:: YOUR ASSIGNMENT ::
Copy out each line of the entries below in which the string "ELLIPSE" appears.
THE DATA Block Start
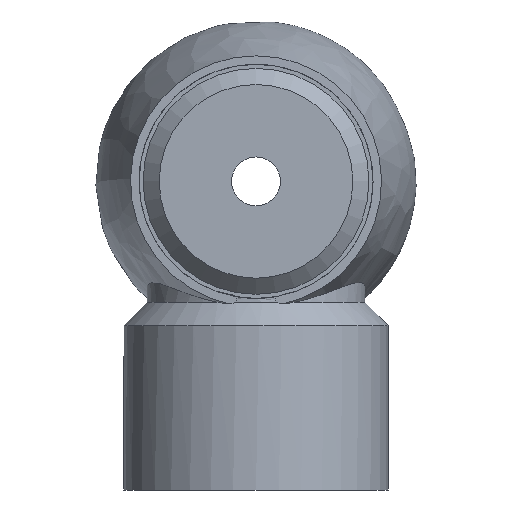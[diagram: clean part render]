
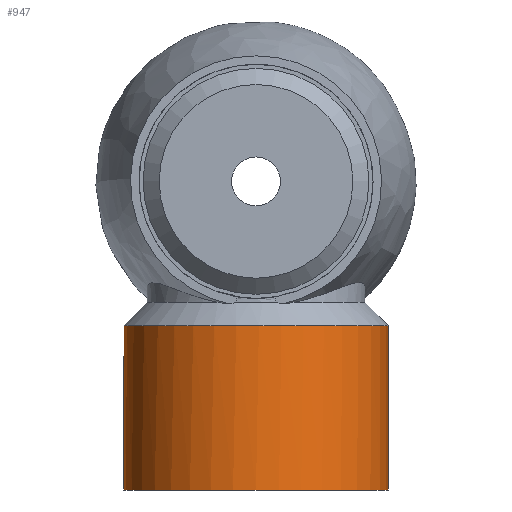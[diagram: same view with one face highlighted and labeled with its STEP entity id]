
A CAD part, front view. The second image highlights one B-rep face of the part: STEP entity #947.
In plain terms, the highlighted cylindrical face has radius 16.375 mm (diameter 32.75 mm), a full revolution.
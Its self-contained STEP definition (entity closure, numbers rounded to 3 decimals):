
#27=ELLIPSE('',#1013,234.745,16.375);
#28=ELLIPSE('',#1017,234.745,16.375);
#88=LINE('',#1619,#149);
#149=VECTOR('',#1218,2.976);
#192=B_SPLINE_CURVE_WITH_KNOTS('',3,(#1550,#1551,#1552,#1553,#1554,#1555,
#1556,#1557,#1558,#1559,#1560,#1561,#1562,#1563,#1564,#1565,#1566,#1567),
 .UNSPECIFIED.,.F.,.F.,(4,2,2,2,2,2,2,2,4),(0.689,0.729,
0.827,0.876,0.924,0.973,
1.022,1.119,1.185),.UNSPECIFIED.);
#196=B_SPLINE_CURVE_WITH_KNOTS('',3,(#1622,#1623,#1624,#1625,#1626,#1627,
#1628,#1629,#1630,#1631,#1632,#1633),.UNSPECIFIED.,.F.,.F.,(4,2,2,2,2,4),
(-1.111,-0.769,-0.555,-0.375,
-0.181,0.),.UNSPECIFIED.);
#197=B_SPLINE_CURVE_WITH_KNOTS('',3,(#1635,#1636,#1637,#1638,#1639,#1640),
 .UNSPECIFIED.,.F.,.F.,(4,2,4),(-0.482,-0.241,0.),
 .UNSPECIFIED.);
#217=FACE_BOUND('',#309,.T.);
#218=FACE_BOUND('',#310,.T.);
#242=FACE_OUTER_BOUND('',#308,.T.);
#308=EDGE_LOOP('',(#713));
#309=EDGE_LOOP('',(#714,#715,#716,#717));
#310=EDGE_LOOP('',(#718,#719,#720,#721,#722,#723));
#376=CIRCLE('',#1015,16.375);
#377=CIRCLE('',#1019,16.375);
#378=CIRCLE('',#1021,16.375);
#379=CIRCLE('',#1023,16.375);
#389=CIRCLE('',#1040,16.375);
#434=VERTEX_POINT('',#1499);
#437=VERTEX_POINT('',#1504);
#438=VERTEX_POINT('',#1508);
#440=VERTEX_POINT('',#1514);
#442=VERTEX_POINT('',#1522);
#443=VERTEX_POINT('',#1524);
#444=VERTEX_POINT('',#1528);
#452=VERTEX_POINT('',#1549);
#460=VERTEX_POINT('',#1617);
#461=VERTEX_POINT('',#1621);
#462=VERTEX_POINT('',#1634);
#530=EDGE_CURVE('',#434,#437,#27,.T.);
#532=EDGE_CURVE('',#437,#438,#376,.F.);
#535=EDGE_CURVE('',#438,#440,#28,.F.);
#537=EDGE_CURVE('',#440,#434,#377,.T.);
#540=EDGE_CURVE('',#442,#443,#378,.F.);
#541=EDGE_CURVE('',#444,#444,#379,.T.);
#552=EDGE_CURVE('',#452,#442,#192,.T.);
#563=EDGE_CURVE('',#443,#460,#88,.T.);
#564=EDGE_CURVE('',#460,#461,#196,.T.);
#565=EDGE_CURVE('',#461,#462,#197,.T.);
#566=EDGE_CURVE('',#452,#462,#389,.F.);
#713=ORIENTED_EDGE('',*,*,#541,.T.);
#714=ORIENTED_EDGE('',*,*,#535,.T.);
#715=ORIENTED_EDGE('',*,*,#537,.T.);
#716=ORIENTED_EDGE('',*,*,#530,.T.);
#717=ORIENTED_EDGE('',*,*,#532,.T.);
#718=ORIENTED_EDGE('',*,*,#540,.T.);
#719=ORIENTED_EDGE('',*,*,#563,.T.);
#720=ORIENTED_EDGE('',*,*,#564,.T.);
#721=ORIENTED_EDGE('',*,*,#565,.T.);
#722=ORIENTED_EDGE('',*,*,#566,.F.);
#723=ORIENTED_EDGE('',*,*,#552,.T.);
#918=CYLINDRICAL_SURFACE('',#1039,16.375);
#947=ADVANCED_FACE('',(#242,#217,#218),#918,.T.);
#1013=AXIS2_PLACEMENT_3D('',#1506,#1152,#1153);
#1015=AXIS2_PLACEMENT_3D('',#1510,#1157,#1158);
#1017=AXIS2_PLACEMENT_3D('',#1516,#1163,#1164);
#1019=AXIS2_PLACEMENT_3D('',#1519,#1168,#1169);
#1021=AXIS2_PLACEMENT_3D('',#1526,#1174,#1175);
#1023=AXIS2_PLACEMENT_3D('',#1529,#1178,#1179);
#1039=AXIS2_PLACEMENT_3D('',#1620,#1219,#1220);
#1040=AXIS2_PLACEMENT_3D('',#1641,#1221,#1222);
#1152=DIRECTION('center_axis',(-0.998,0.,-0.07));
#1153=DIRECTION('ref_axis',(-0.07,0.,0.998));
#1157=DIRECTION('center_axis',(0.,0.,1.));
#1158=DIRECTION('ref_axis',(1.,0.,0.));
#1163=DIRECTION('center_axis',(-0.998,0.,-0.07));
#1164=DIRECTION('ref_axis',(-0.07,0.,0.998));
#1168=DIRECTION('center_axis',(0.,0.,1.));
#1169=DIRECTION('ref_axis',(1.,0.,0.));
#1174=DIRECTION('center_axis',(0.,0.,1.));
#1175=DIRECTION('ref_axis',(1.,0.,0.));
#1178=DIRECTION('center_axis',(0.,0.,1.));
#1179=DIRECTION('ref_axis',(1.,0.,0.));
#1218=DIRECTION('',(0.,0.,1.));
#1219=DIRECTION('center_axis',(0.,0.,1.));
#1220=DIRECTION('ref_axis',(1.,0.,0.));
#1221=DIRECTION('center_axis',(0.,0.,-1.));
#1222=DIRECTION('ref_axis',(-1.,0.,0.));
#1499=CARTESIAN_POINT('',(390.872,17.308,722.251));
#1504=CARTESIAN_POINT('',(390.998,17.3,720.455));
#1506=CARTESIAN_POINT('Origin',(389.985,0.957,734.938));
#1508=CARTESIAN_POINT('',(392.,17.207,720.455));
#1510=CARTESIAN_POINT('Origin',(389.985,0.957,720.455));
#1514=CARTESIAN_POINT('',(391.874,17.222,722.251));
#1516=CARTESIAN_POINT('Origin',(389.985,0.957,749.273));
#1519=CARTESIAN_POINT('Origin',(389.985,0.957,722.251));
#1522=CARTESIAN_POINT('',(377.043,10.989,720.455));
#1524=CARTESIAN_POINT('',(383.532,16.007,720.455));
#1526=CARTESIAN_POINT('Origin',(389.985,0.957,720.455));
#1528=CARTESIAN_POINT('',(406.36,0.957,703.855));
#1529=CARTESIAN_POINT('Origin',(389.985,0.957,703.855));
#1549=CARTESIAN_POINT('',(376.903,10.806,724.23));
#1550=CARTESIAN_POINT('Ctrl Pts',(376.903,10.806,724.23));
#1551=CARTESIAN_POINT('Ctrl Pts',(376.83,10.708,724.162));
#1552=CARTESIAN_POINT('Ctrl Pts',(376.76,10.613,724.088));
#1553=CARTESIAN_POINT('Ctrl Pts',(376.539,10.306,723.825));
#1554=CARTESIAN_POINT('Ctrl Pts',(376.389,10.086,723.589));
#1555=CARTESIAN_POINT('Ctrl Pts',(376.228,9.84,723.178));
#1556=CARTESIAN_POINT('Ctrl Pts',(376.185,9.772,723.032));
#1557=CARTESIAN_POINT('Ctrl Pts',(376.126,9.679,722.726));
#1558=CARTESIAN_POINT('Ctrl Pts',(376.11,9.653,722.566));
#1559=CARTESIAN_POINT('Ctrl Pts',(376.11,9.653,722.241));
#1560=CARTESIAN_POINT('Ctrl Pts',(376.126,9.679,722.081));
#1561=CARTESIAN_POINT('Ctrl Pts',(376.185,9.772,721.775));
#1562=CARTESIAN_POINT('Ctrl Pts',(376.228,9.84,721.629));
#1563=CARTESIAN_POINT('Ctrl Pts',(376.389,10.086,721.218));
#1564=CARTESIAN_POINT('Ctrl Pts',(376.539,10.306,720.982));
#1565=CARTESIAN_POINT('Ctrl Pts',(376.8,10.669,720.671));
#1566=CARTESIAN_POINT('Ctrl Pts',(376.916,10.826,720.557));
#1567=CARTESIAN_POINT('Ctrl Pts',(377.043,10.989,720.455));
#1617=CARTESIAN_POINT('',(383.532,16.007,723.432));
#1619=CARTESIAN_POINT('',(383.532,16.007,720.455));
#1620=CARTESIAN_POINT('Origin',(389.985,0.957,719.455));
#1621=CARTESIAN_POINT('',(394.259,16.764,722.843));
#1622=CARTESIAN_POINT('Ctrl Pts',(383.532,16.007,723.432));
#1623=CARTESIAN_POINT('Ctrl Pts',(384.534,16.436,723.102));
#1624=CARTESIAN_POINT('Ctrl Pts',(385.592,16.772,722.838));
#1625=CARTESIAN_POINT('Ctrl Pts',(387.384,17.139,722.548));
#1626=CARTESIAN_POINT('Ctrl Pts',(388.085,17.237,722.47));
#1627=CARTESIAN_POINT('Ctrl Pts',(389.392,17.332,722.395));
#1628=CARTESIAN_POINT('Ctrl Pts',(389.991,17.343,722.386));
#1629=CARTESIAN_POINT('Ctrl Pts',(391.237,17.297,722.423));
#1630=CARTESIAN_POINT('Ctrl Pts',(391.88,17.234,722.472));
#1631=CARTESIAN_POINT('Ctrl Pts',(393.107,17.042,722.624));
#1632=CARTESIAN_POINT('Ctrl Pts',(393.688,16.918,722.722));
#1633=CARTESIAN_POINT('Ctrl Pts',(394.259,16.764,722.843));
#1634=CARTESIAN_POINT('',(398.483,14.954,724.23));
#1635=CARTESIAN_POINT('Ctrl Pts',(394.259,16.764,722.843));
#1636=CARTESIAN_POINT('Ctrl Pts',(395.018,16.559,723.004));
#1637=CARTESIAN_POINT('Ctrl Pts',(395.753,16.301,723.205));
#1638=CARTESIAN_POINT('Ctrl Pts',(397.166,15.693,723.673));
#1639=CARTESIAN_POINT('Ctrl Pts',(397.842,15.343,723.939));
#1640=CARTESIAN_POINT('Ctrl Pts',(398.483,14.954,724.23));
#1641=CARTESIAN_POINT('Origin',(389.985,0.957,724.23));
THE DATA Block End
:: EXERCISE OUTPUT ::
#27=ELLIPSE('',#1013,234.745,16.375);
#28=ELLIPSE('',#1017,234.745,16.375);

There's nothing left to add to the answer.